Subscribers of Adobe’s Creative Cloud suite are being asked to keep vigilant against phishing emails that may be linked to a breach of customer data. The company confirmed that the personal information of about seven million users had been left openly exposed online for nearly a week. Adobe Creative Cloud is a single login system that Adobe uses for clients to get access to programs such as Photoshop, Premiere, and Lightroom, among others. The data leak was brought to the company’s attention by a UK-based tech firm called Comparitech, and it was notable that the information was available to be accessed without any security at all.
Extensive Exposed Data
The data that was compromised included usernames and email addresses for users along with country location and the date on which they created their Adobe accounts.
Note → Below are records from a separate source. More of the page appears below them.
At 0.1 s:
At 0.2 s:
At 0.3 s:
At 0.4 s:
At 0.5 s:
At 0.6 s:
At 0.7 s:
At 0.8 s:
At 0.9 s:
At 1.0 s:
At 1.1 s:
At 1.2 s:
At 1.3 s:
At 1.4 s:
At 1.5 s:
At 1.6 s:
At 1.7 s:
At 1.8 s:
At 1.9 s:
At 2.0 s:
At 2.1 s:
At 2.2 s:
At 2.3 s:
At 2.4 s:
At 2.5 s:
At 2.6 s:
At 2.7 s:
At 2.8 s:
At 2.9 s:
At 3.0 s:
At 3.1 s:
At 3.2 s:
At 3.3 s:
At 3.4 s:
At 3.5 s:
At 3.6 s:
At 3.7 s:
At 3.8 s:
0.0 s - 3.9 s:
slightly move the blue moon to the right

The company outlined that payment information and passwords were not part of the breach, and so users don’t need to worry about their finances or accounts being compromised. While the data isn’t that sensitive in terms of what it offers to hackers, it can be valuable for phishing scams. Adobe has reminded affected users to remain vigilant against these schemes.
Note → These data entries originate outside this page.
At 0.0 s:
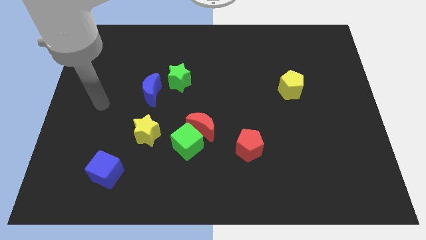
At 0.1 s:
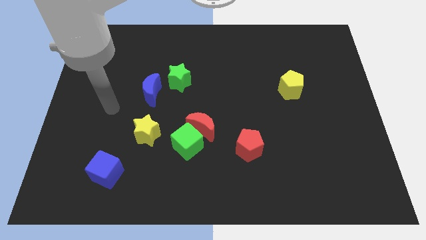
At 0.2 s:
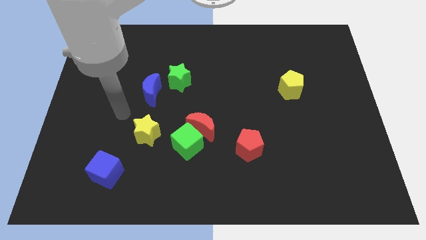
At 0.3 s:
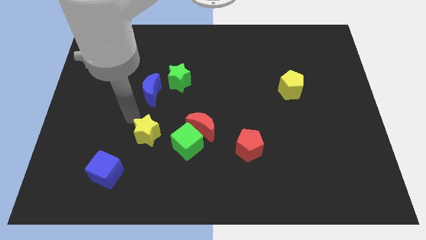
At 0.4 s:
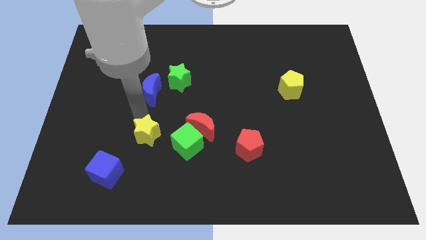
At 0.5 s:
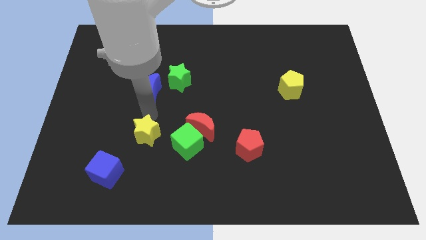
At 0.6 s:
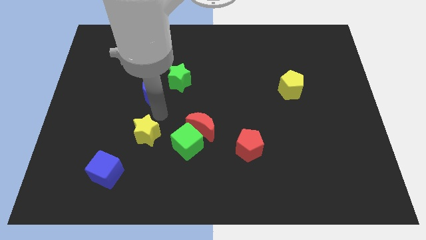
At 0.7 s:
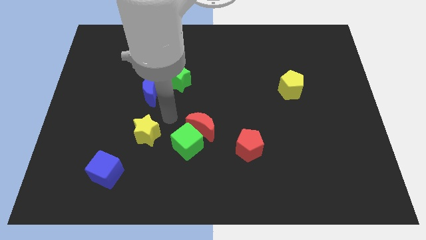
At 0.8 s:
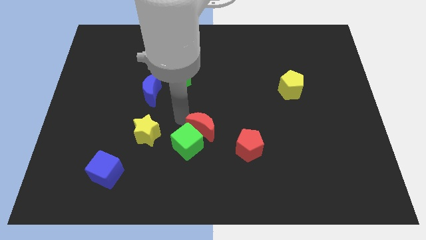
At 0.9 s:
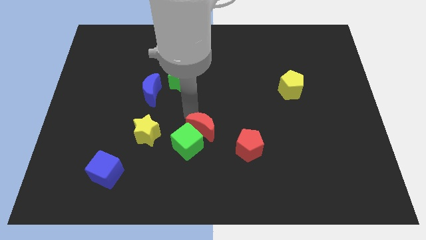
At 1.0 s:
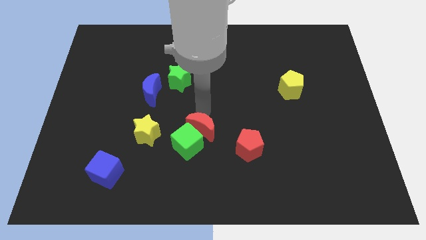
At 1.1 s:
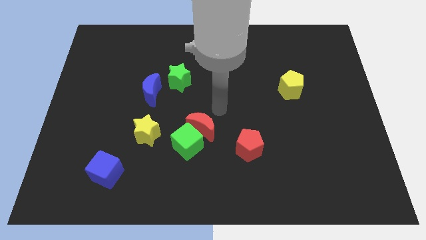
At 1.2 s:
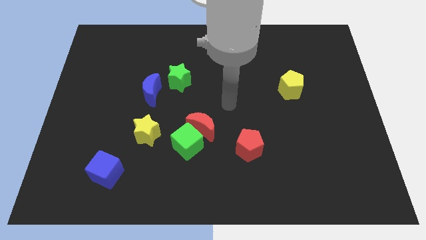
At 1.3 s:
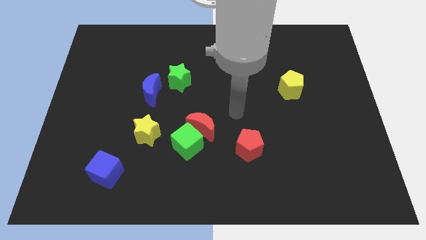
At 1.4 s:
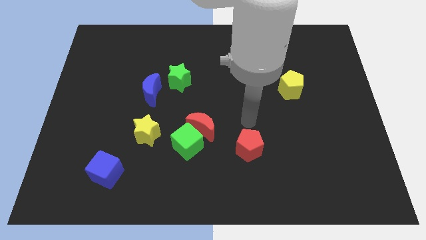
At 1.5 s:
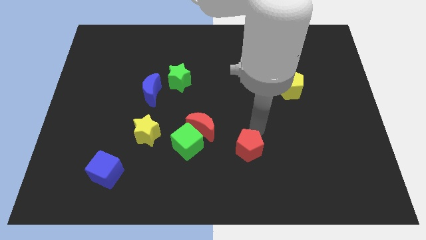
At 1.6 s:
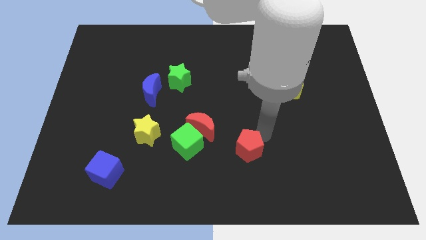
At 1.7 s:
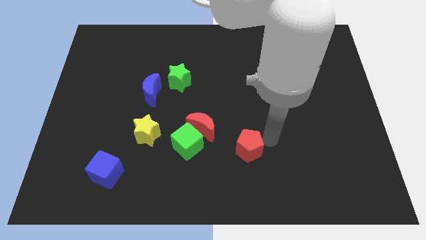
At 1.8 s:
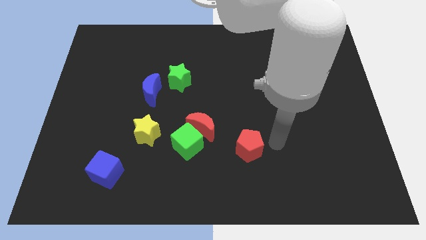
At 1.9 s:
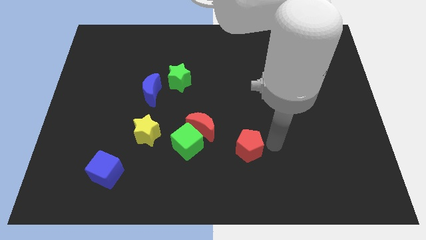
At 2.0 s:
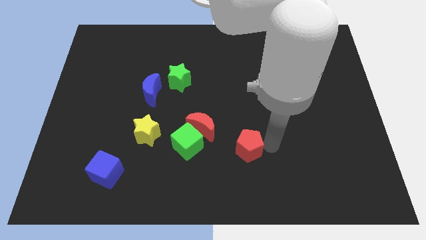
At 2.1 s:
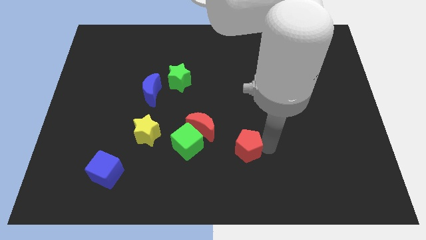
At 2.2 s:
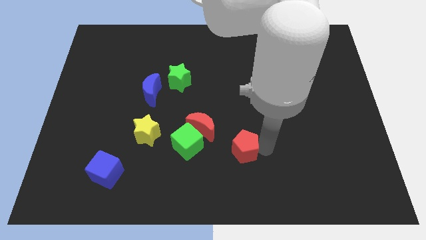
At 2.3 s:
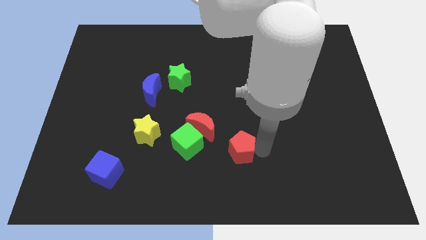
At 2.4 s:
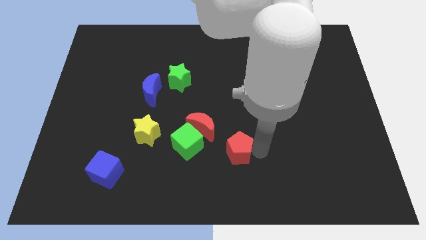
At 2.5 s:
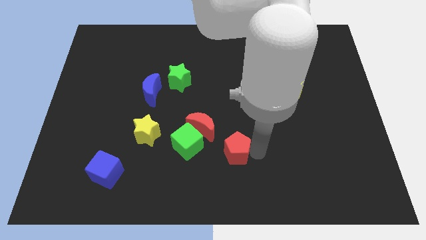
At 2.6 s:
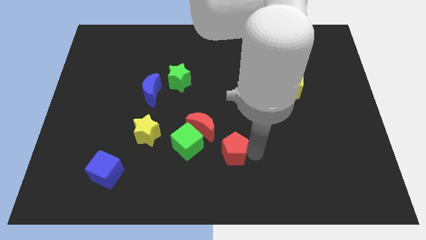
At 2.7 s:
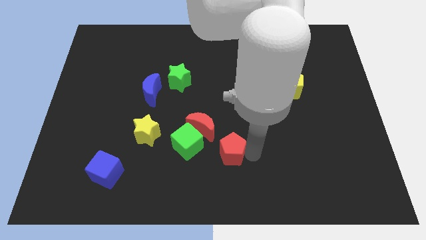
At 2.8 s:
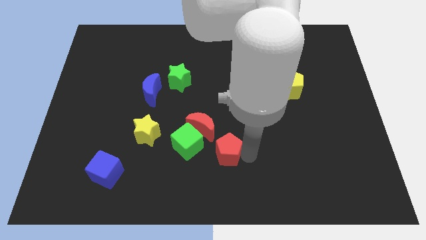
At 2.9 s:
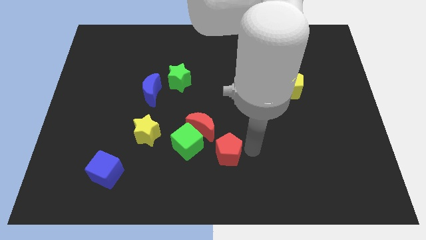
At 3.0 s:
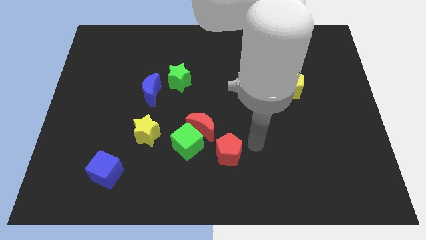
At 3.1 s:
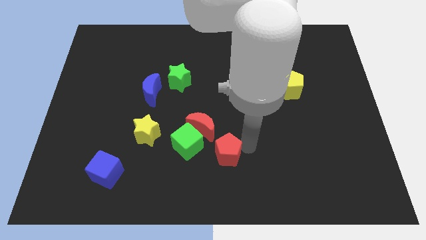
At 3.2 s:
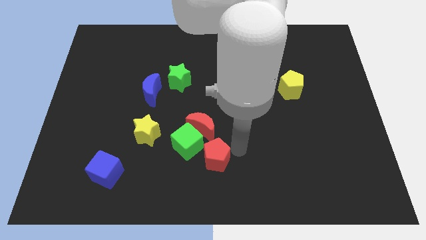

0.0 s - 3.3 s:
move the red pentagon left a little bit

The data remains openly exposed for a week, but there is, as yet, no substantial evidence that third-party users accessed it. The breach is the second largest that has happened to Adobe since the company instituted user accounts. The first breach occurred in 2013 and resulted in the loss of information of over 38 million users. That breach was far more severe, as the hackers also managed to obtain payment information for users.
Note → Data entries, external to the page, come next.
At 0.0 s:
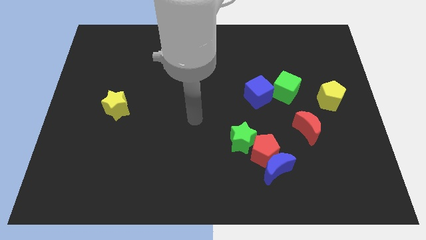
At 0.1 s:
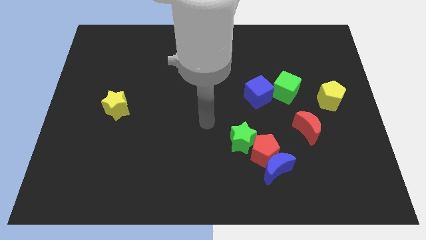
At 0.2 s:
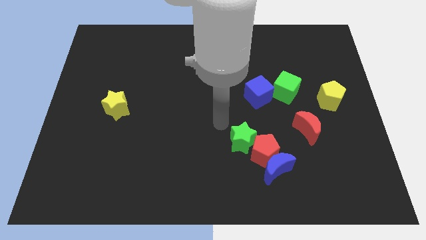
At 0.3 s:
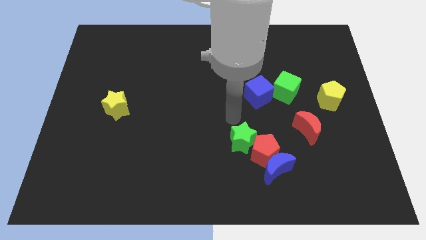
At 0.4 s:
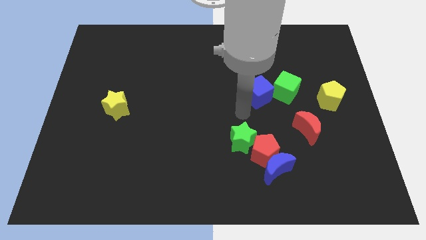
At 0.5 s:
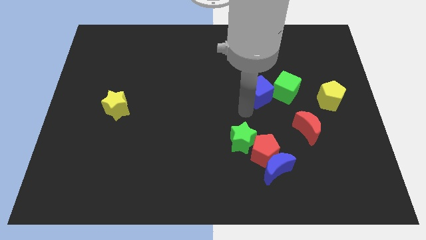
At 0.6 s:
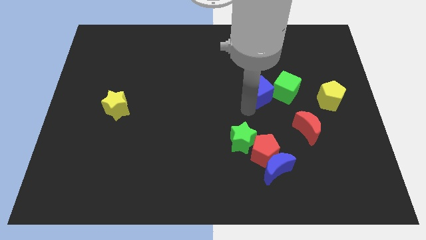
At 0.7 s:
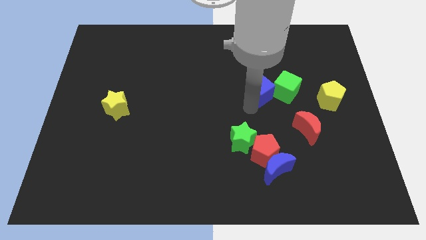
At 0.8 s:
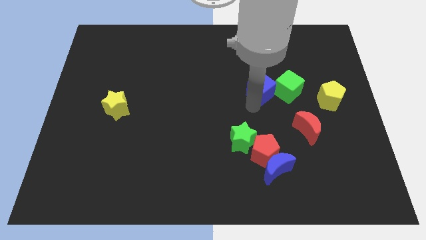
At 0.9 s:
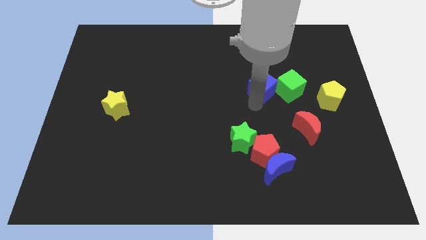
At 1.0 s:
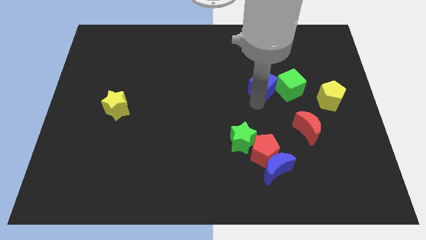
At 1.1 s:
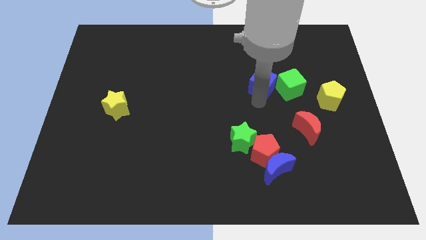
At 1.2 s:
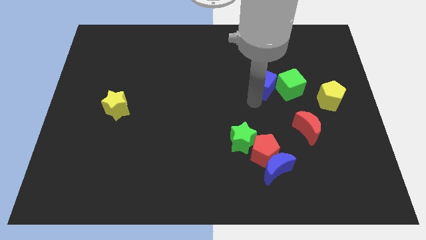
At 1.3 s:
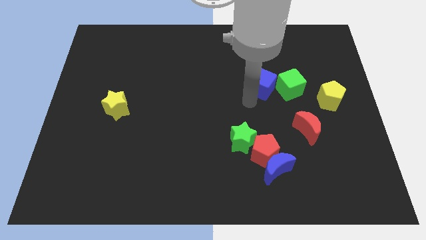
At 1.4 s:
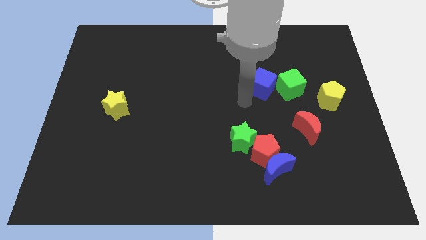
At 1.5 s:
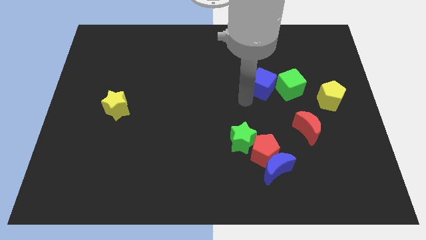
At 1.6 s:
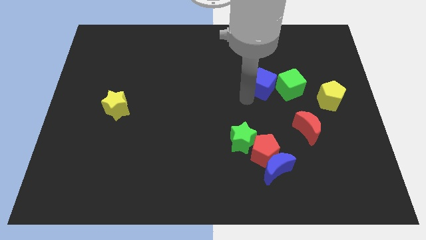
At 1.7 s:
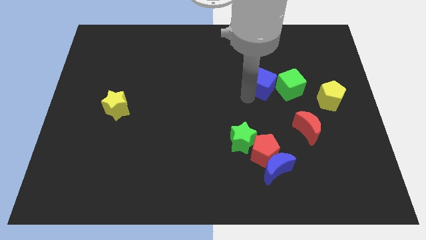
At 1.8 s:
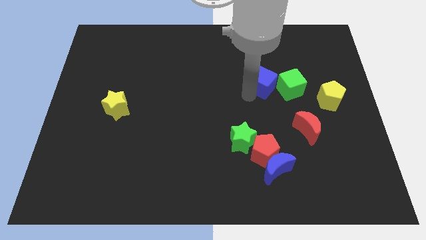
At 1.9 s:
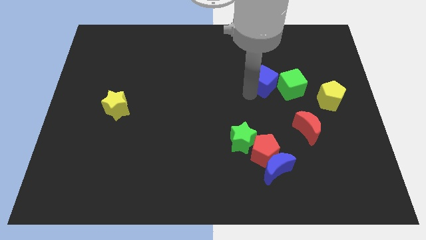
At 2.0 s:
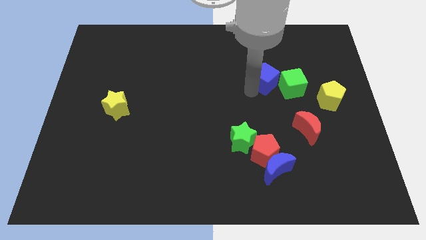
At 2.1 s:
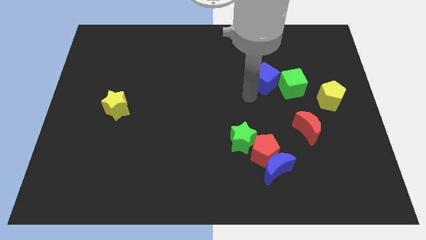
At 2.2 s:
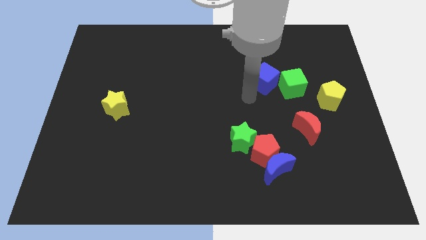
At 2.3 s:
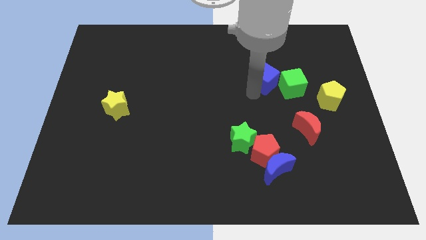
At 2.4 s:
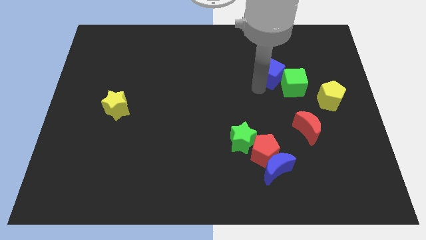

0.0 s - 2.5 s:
slide the blue cube somewhat diagonally up and right

Keeping the Customers Informed
In a move that should be emulated, Adobe immediately reached out to affected consumers and informed them of the situation. On the company’s web page, they accept responsibility for the leak but underscore that no sensitive information such as passwords and payment information were taken. Finally, to allay any fears that the breach would affect their systems, the company reassured consumers that they would be able to use adobe systems as usual. The offense should serve as a warning to Adobe to take more care in securing their online data.